Thucydides. The English works of Thomas Hobbes of Malmesbury. Hobbes, Thomas. translator. London: John Bohn, 1843.

And already they had their meetings apart and did cast aspersions on the government, and had for their ringleaders some of the heads of the oligarchicals and such as bare office amongst them, as Theramenes, the son of Agnon, and Aristocrates, the son of Scellius, and others, who though they were partakers with the foremost in the affairs of state, yet feared, as they said, Alcibiades and the army at Samos; and joined in the sending of ambassadors to Lacedaemon, because they were loth, by singling themselves from the greater number, to hurt the state, not that they dismissed the state into the hands of a very few, but said that The Five Thousand ought in fact to be assigned, and not in voice only, and the government to be reduced to a greater equality.

And this was indeed the form pretended in words by The Four Hundred. But the most of them, through private ambition, fell upon that by which an oligarchy made out of a democracy is chiefly overthrown. For at once they claimed every one not to be equal but to be far the chief. Whereas in a democracy, when election is made, because a man is not overcome by his equals, he can better brook it.

But the great power of Alcibiades at Samos and the opinion they had that the oligarchy was not like to last was it that most evidently encouraged them; and thereupon they every one contended who should most eminently become the patron of the people.

But those of The Four Hundred that were most opposite to such a form of government, and the principal of them, both Phrynichus, who had been general at Samos and was ever since at difference with Alcibiades, and Aristarchus, a man that had been an adversary to the people both in the greatest manner and for the longest time, and Pisander and Antiphon, and others of the greatest power, not only formerly, as soon as they entered into authority and afterwards when the state at Samos revolted to the people, sent ambassadors to Lacedaemon and bestirred themselves for the oligarchy, and built a wall in the place called Eetioneia; but much more afterwards, when their ambassadors were come from Samos and that they saw not only the populars but also some others of their own party, thought trusty before, to be now changed.

And to Lacedaemon they sent Antiphon and Phrynichus with ten others with all possible speed, as fearing their adversaries both at home and at Samos, with commission to make a peace with the Lacedaemonians on any tolerable conditions whatsoever or howsoever; and in this time went on with the building of the wall in Eetioneia with greater diligence than before.

The scope they had in this wall, as it was given out by Theramenes, [the son of Agnon], was not so much to keep out those of Samos in case they should attempt by force to enter into Peiraeus as at their pleasure to be able to let in both the galleys and the land forces of the enemies.

For this Eetioneia is the pier of the Peiraeus, close unto which is the mouth of the haven.

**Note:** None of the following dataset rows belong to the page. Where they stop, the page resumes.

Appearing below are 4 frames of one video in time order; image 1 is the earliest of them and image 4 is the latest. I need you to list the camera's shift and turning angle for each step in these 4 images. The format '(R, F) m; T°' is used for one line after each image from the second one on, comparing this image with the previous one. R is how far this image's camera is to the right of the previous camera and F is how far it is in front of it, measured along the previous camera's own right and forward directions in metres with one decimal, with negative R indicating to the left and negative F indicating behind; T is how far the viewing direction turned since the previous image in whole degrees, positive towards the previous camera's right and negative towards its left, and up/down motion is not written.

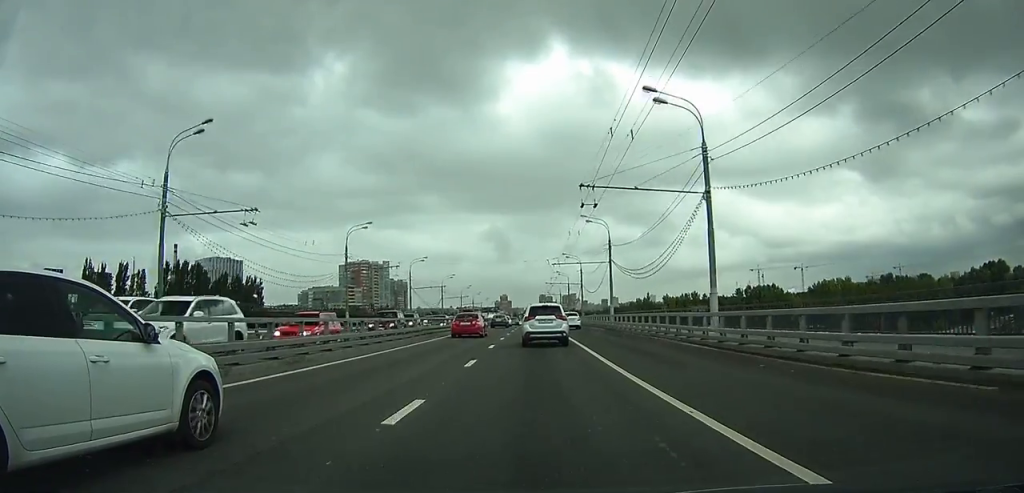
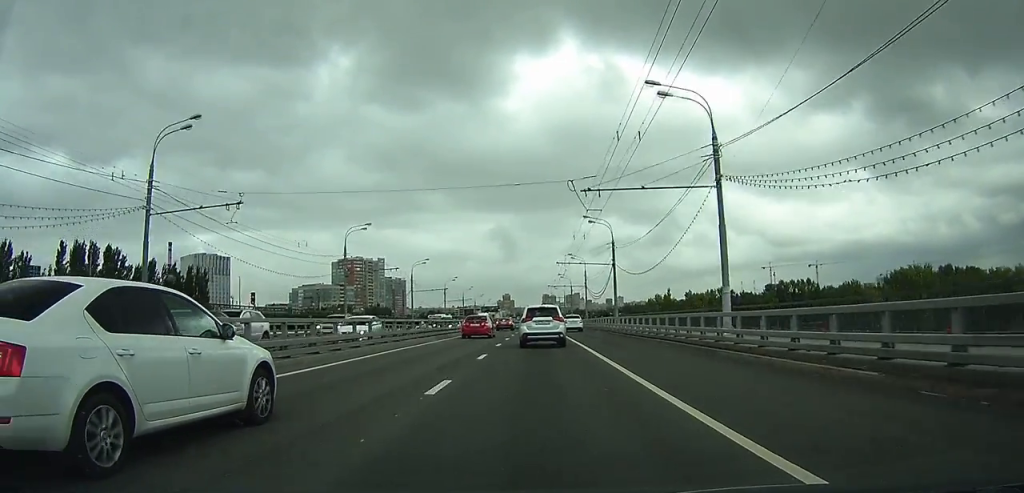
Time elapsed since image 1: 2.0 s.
(-0.2, +37.7) m; -1°
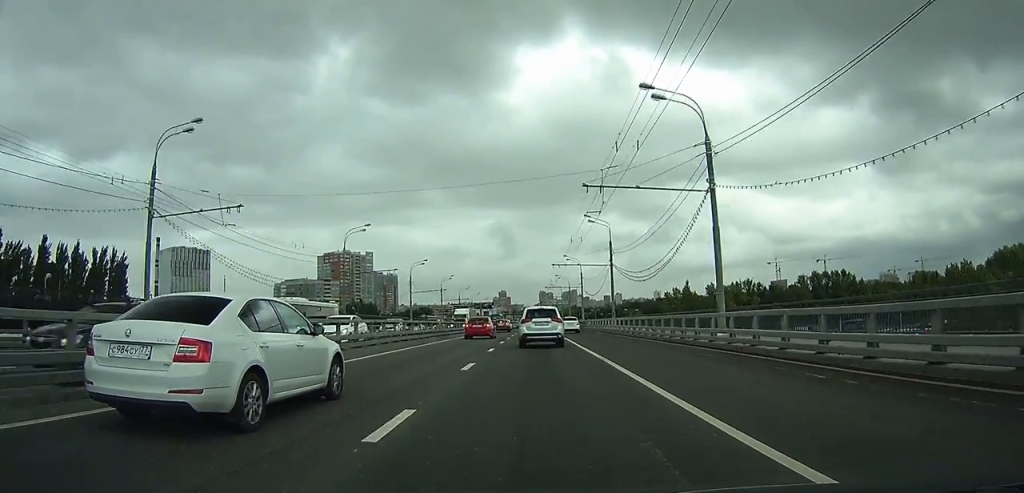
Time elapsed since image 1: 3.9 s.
(0.0, +35.8) m; 0°
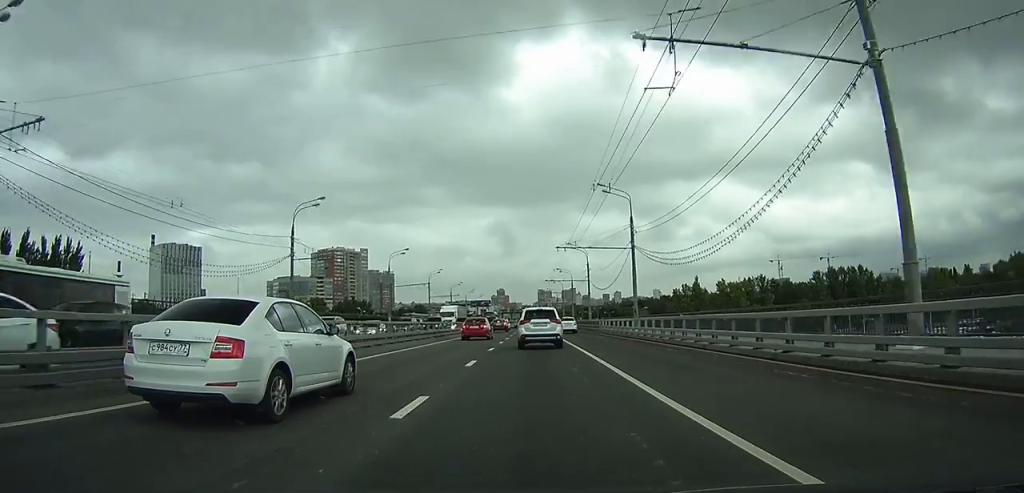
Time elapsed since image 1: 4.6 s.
(0.0, +14.5) m; 0°

And therefore they built this wall so to another wall that was built before to the continent that a few men lying within it might command the entrance. For the end of each wall was brought to the tower upon the [very] mouth of the haven, as well of the old wall towards the continent as of the new which was built within it to the water.

They built also an open ground-gallery, an exceeding great one and close to their new wall within Peiraeus, and were masters of it, and constrained all men as well to bring thither their corn which they had already come in, as to unload there whatsoever should come in afterward, and to take and sell it from thence.

These things Theramenes murmured at long before; and when the ambassadors returned from Lacedaemon without compounding for them all in general, he gave out that this wall would endanger the undoing of the city.

For at this very instant there happened to be riding on the coast of Laconia fortytwo galleys, amongst which were some of Tarentum, some of Locri, some Italians, and some Sicilians, set out from Peloponnesus at the instance of the Euboeans, bound for Euboea and commanded by Hegesandridas, the son of Hegesander, a Spartan. And these Theramenes said were coming not so much towards Euboea as towards those that fortified in Eetioneia, and that if they were not looked to, they would surprise the city.

Now some matter might indeed be gathered also from those that were accused, so that it was not a mere slander. For their principal design was to retain the oligarchy with dominion over their confederates; but if they failed of that, yet being masters of the galleys and of the fortification, to have subsisted free themselves; if barred of that, then rather than to be the only men to suffer death under the restored democracy, to let in the enemy; and without either navy or fortification to have let what would have become of the city and to have compounded for the safety of their own persons.